Travelex chief architect: Invest in serverless now or risk being left behind

Travelex's Dan Phelps says that moving from microservices to serverless has let the business focus on financial services, not hardware maintenance

Serverless is the latest trend in the cloud computing market: a complete separation between code and servers. Instead of leasing space on a virtual machine, companies only pay for the resources that they use; and while that might seem very similar to traditional cloud computing, in practice it means that the customer has no concerns about hardware management (or as one of our CIO contacts put it, "You're using somebody else's server but you pretend it's not a server").

Dan Phelps, chief architect at foreign exchange company Travelex, is a fan of the serverless phenomenon. "If companies aren't seriously looking at serverless today...then in five years' time they're going to be left behind," he warned.

As a brand, Travelex only undertook its own cloud migration in the last five years. The company adopted a microservices and microservice-platform-as-a-service approach, using Docker and automation tools, and is now migrating its monolithic applications to the same design pattern.

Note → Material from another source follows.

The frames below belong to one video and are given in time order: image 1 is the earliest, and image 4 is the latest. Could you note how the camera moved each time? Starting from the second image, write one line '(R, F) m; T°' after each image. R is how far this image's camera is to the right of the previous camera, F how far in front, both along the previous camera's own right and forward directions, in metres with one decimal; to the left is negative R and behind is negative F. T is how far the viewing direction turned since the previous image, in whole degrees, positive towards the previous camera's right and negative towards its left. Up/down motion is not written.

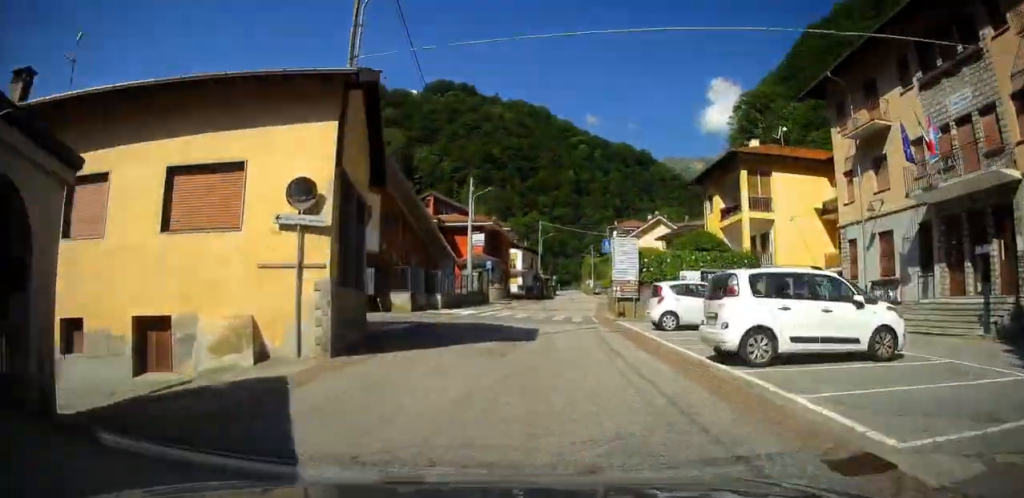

However, nothing stands still in the cloud world. While microservices were the correct approach three or four years ago, Travelex is now using "a lot more serverless" - primarily AWS Lambda.

The reason for that move is, as one might expect, to take advantage of the main selling point of serverless computing: no hardware management.

"The bottom line is, we want to sell foreign currency and provide financial services to our customers and our B2B partners - [but] we don't want to be experts in managing infrastructure. Serverless provides us with that on-demand ability to be able to create our application services and focus our technology energies on that, rather than maintaining servers."

Travelex began experimenting with serverless in the distant past of two years ago, when Lambda was still very new. The first trial was using it as part of a queuing solution for its new Supercard product, which had a "huge" marketing launch and needed a way to throttle user registrations.

"Lambda was all quite embryonic at the time, but we came out with a solution that we branded Super Queue and worked with AWS on that… That was quite successful, and proved the point that we could transition from microservices to serverless and run simple workflows using Lambda."

Phelps believes that serverless will be "the next wave of enterprise computing," and has committed to transforming Travelex's legacy applications and legacy data estates into more cloud-based and serverless platforms.

That isn't to say that serverless is without risks. The ease of deploying code, which you only pay for when it is used, can lead to poor hygiene and security vulnerabilities. Good security practice and regular audits are essential to staying on top of the wider attack surface that can result.

The other oft-cited problem is vendor lock-in, with developers building API calls that tie ever-deeper into a single platform. There's no easy solution; Travelex has used other public cloud providers for serverless, but settled on AWS for the majority of its work. If that does end up having been the wrong call, though, it will need to rewrite applications when switching. For now, though, Phelps is happy with the choice:

"What we want to be able to do is focus our best people on the things that really matter to the business, and we want to consume new technology as commodities from these providers and onboard that technology quickly.

"For us, if the public cloud providers can do that and...can democratise that new technology quickly - which means that our business users and product teams etc. can onboard that technology quickly and deliver value for the business - then that for me is one of the most important things that has driven much of our approach when it comes to cloud."